According to the present invention, it is also possible to create a map for lanes in which the vehicle is not traveling, so that map creation can be performed efficiently.

1 is a block diagram schematically showing the overall configuration of a vehicle control system having a map generation device according to an embodiment of the invention; FIG. The figure which shows an example of the driving|running|working scene to which the map production|generation apparatus which concerns on embodiment of this invention is applied. FIG. 5 is a diagram showing another example of a driving scene to which the map generating device according to the embodiment of the invention is applied; 1 is a block diagram showing the configuration of a main part of a map generation device according to an embodiment of the present invention; FIG. The figure which shows an example of the mirroring of an outward route map. FIG. 4 is a diagram showing the relationship between the detectable range and the mirroring range; FIG. 4 is a flowchart showing an example of processing executed by the controller in FIG. 3; FIG.

An embodiment of the present invention will be described below with reference to FIGS. 1 to 5. FIG. A map generation device according to an embodiment of the present invention is installed in a vehicle having an automatic driving function, that is, an automatic driving vehicle, for example. A vehicle equipped with the map generation device according to the present embodiment may be called an own vehicle to distinguish it from other vehicles. The own vehicle may be any of an engine vehicle having an internal combustion engine as a drive source, an electric vehicle having a drive motor as a drive source, and a hybrid vehicle having both an engine and a drive motor as drive sources. The self-vehicle can run not only in an automatic driving mode that does not require driving operations by the driver, but also in a manual driving mode that requires driving operations by the driver.

First, a schematic configuration of the self-vehicle related to automatic driving will be described. FIG. 1 is a block diagram schematically showing the overall configuration of a vehicle control system 100 for own vehicle having a map generation device according to an embodiment of the present invention. As shown in FIG. 1, the vehicle control system 100 includes a controller 10, an external sensor group 1 communicably connected to the controller 10, an internal sensor group 2, an input/output device 3, a positioning unit 4, It mainly has a map database 5, a navigation device 6, a communication unit 7, and an actuator AC for traveling.

The external sensor group 1 is a general term for a plurality of sensors (external sensors) that detect external conditions, which are peripheral information of the vehicle. For example, the external sensor group 1 includes a lidar that measures the scattered light of the vehicle's omnidirectional light and measures the distance from the vehicle to surrounding obstacles; A radar that detects other vehicles and obstacles around the vehicle, a camera that is mounted on the vehicle and has an imaging device such as a CCD or CMOS that captures the surroundings (front, rear, and sides) of the vehicle. included.

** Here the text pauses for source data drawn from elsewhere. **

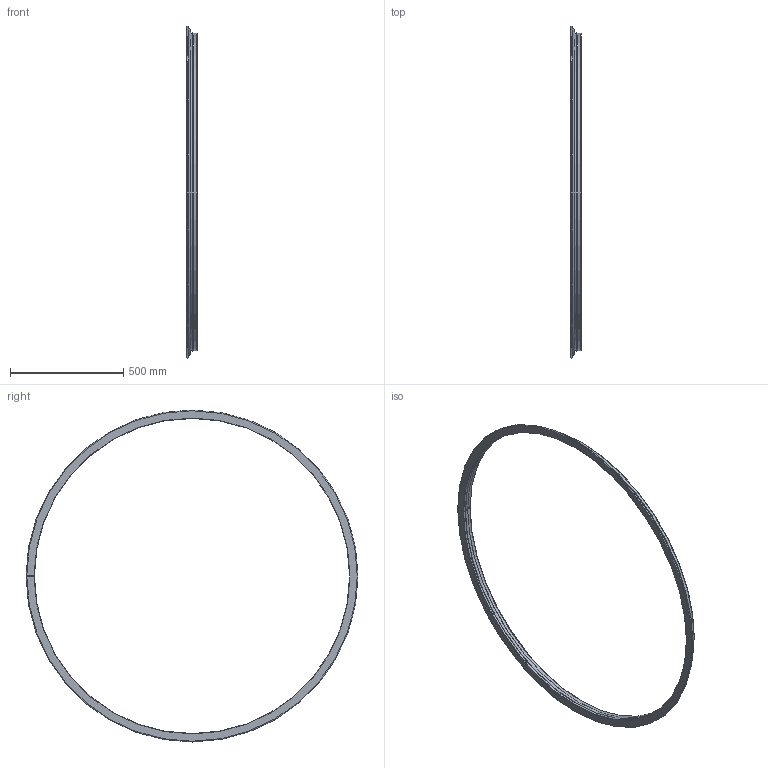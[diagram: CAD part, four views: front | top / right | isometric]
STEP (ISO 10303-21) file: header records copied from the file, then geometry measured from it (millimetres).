
FILE_DESCRIPTION(/* description */ (''),/* implementation_level */ '2;1');
FILE_NAME(/* name */ 'B01A-1020-AF-1400.stp',/* time_stamp */ '2017-06-19T09:59:51+02:00',/* author */ (''),/* organization */ (''),/* preprocessor_version */ 'ST-DEVELOPER v11',/* originating_system */ 'SIEMENS UGS NX 6.0',/* authorisation */ '');
FILE_SCHEMA (('CONFIG_CONTROL_DESIGN'));
Length unit declared in the file: millimetre
Products named in the file (1): perlA919s2ju
Bounding box: 46 x 1464.2 x 1464.2 mm (x, y, z)
Volume: 866465.1 mm3; surface area: 1743683.1 mm2
Topology: 1 solids, 1 shells, 47 faces, 135 edges, 90 vertices
Faces by surface type: torus 21, cylinder 12, plane 9, cone 5
Entity records: 1682 total; most frequent: DIRECTION 318, CARTESIAN_POINT 273, ORIENTED_EDGE 270, EDGE_CURVE 135, AXIS2_PLACEMENT_3D 135, VERTEX_POINT 90, CIRCLE 87, LINE 48
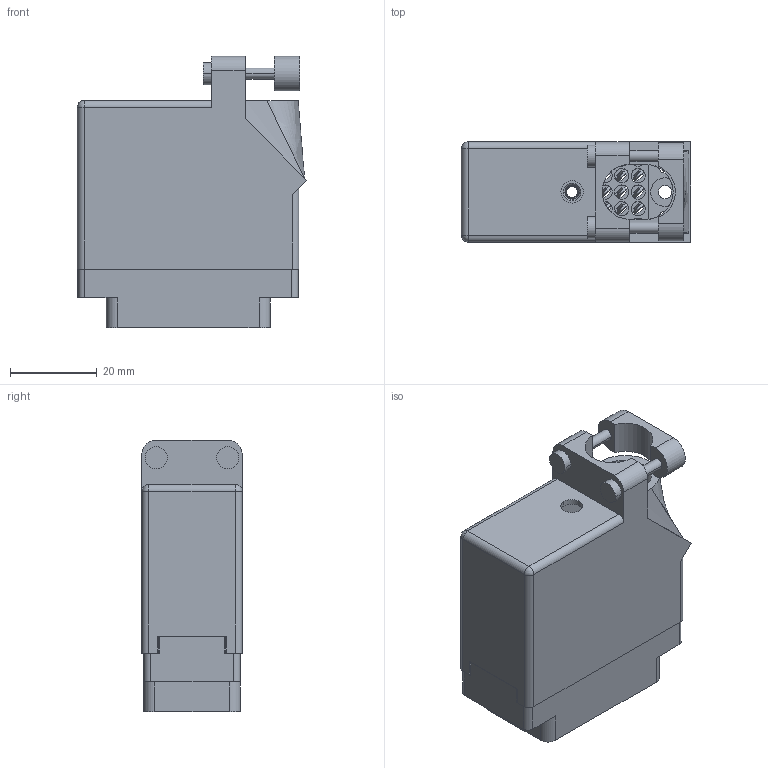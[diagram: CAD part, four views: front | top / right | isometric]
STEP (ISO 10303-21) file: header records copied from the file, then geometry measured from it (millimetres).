
FILE_DESCRIPTION (( 'STEP AP203' ), '1' );
FILE_NAME ('519-036-540-316.STEP', '2020-03-02T22:50:36', ( '' ), ( '' ), 'SwSTEP 2.0', 'SolidWorks 2016', '' );
FILE_SCHEMA (( 'CONFIG_CONTROL_DESIGN' ));
Length unit declared in the file: inch
Products named in the file (5): 516-252-035-100_516-252-035-100; 516-230-001_Plastic - 038 Top Entry; 519 Plug Insulator_036; 519-036-540-316; 516-292-001_540 Contact
Assembly tree (39 placements, depth 2):
  519-036-540-316
    519 Plug Insulator_036
    516-292-001_540 Contact  x36
    516-252-035-100_516-252-035-100
    516-230-001_Plastic - 038 Top Entry
Bounding box: 52.85 x 23.11 x 62.48 mm (x, y, z)
Volume: 21261.2 mm3; surface area: 33212.3 mm2
Topology: 39 solids, 39 shells, 3571 faces, 10321 edges, 6850 vertices
Faces by surface type: plane 2175, cylinder 1157, bspline 225, cone 12, sphere 2
Entity records: 38946 total; most frequent: CARTESIAN_POINT 8976, ORIENTED_EDGE 6078, DIRECTION 5864, EDGE_CURVE 3039, VECTOR 2194, LINE 2194, VERTEX_POINT 2020, AXIS2_PLACEMENT_3D 1835

The internal sensor group 2 is a general term for a plurality of sensors (internal sensors) that detect the running state of the own vehicle. For example, the internal sensor group 2 includes a vehicle speed sensor for detecting the vehicle speed of the vehicle, an acceleration sensor for detecting the acceleration in the longitudinal direction and the acceleration in the lateral direction (lateral acceleration) of the vehicle, and the rotation speed of the drive source. A rotational speed sensor, a yaw rate sensor that detects the rotational angular velocity around the vertical axis of the center of gravity of the vehicle, and the like are included. The internal sensor group 2 also includes sensors that detect driver's driving operations in the manual driving mode, such as accelerator pedal operation, brake pedal operation, steering wheel operation, and the like.

The input/output device 3 is a general term for devices to which commands are input from drivers and information is output to drivers. For example, the input/output device 3 includes various switches for the driver to input various commands by operating operation members, a microphone for the driver to input commands by voice, a display for providing information to the driver via a display image, and a voice command for the driver. A speaker for providing information is included.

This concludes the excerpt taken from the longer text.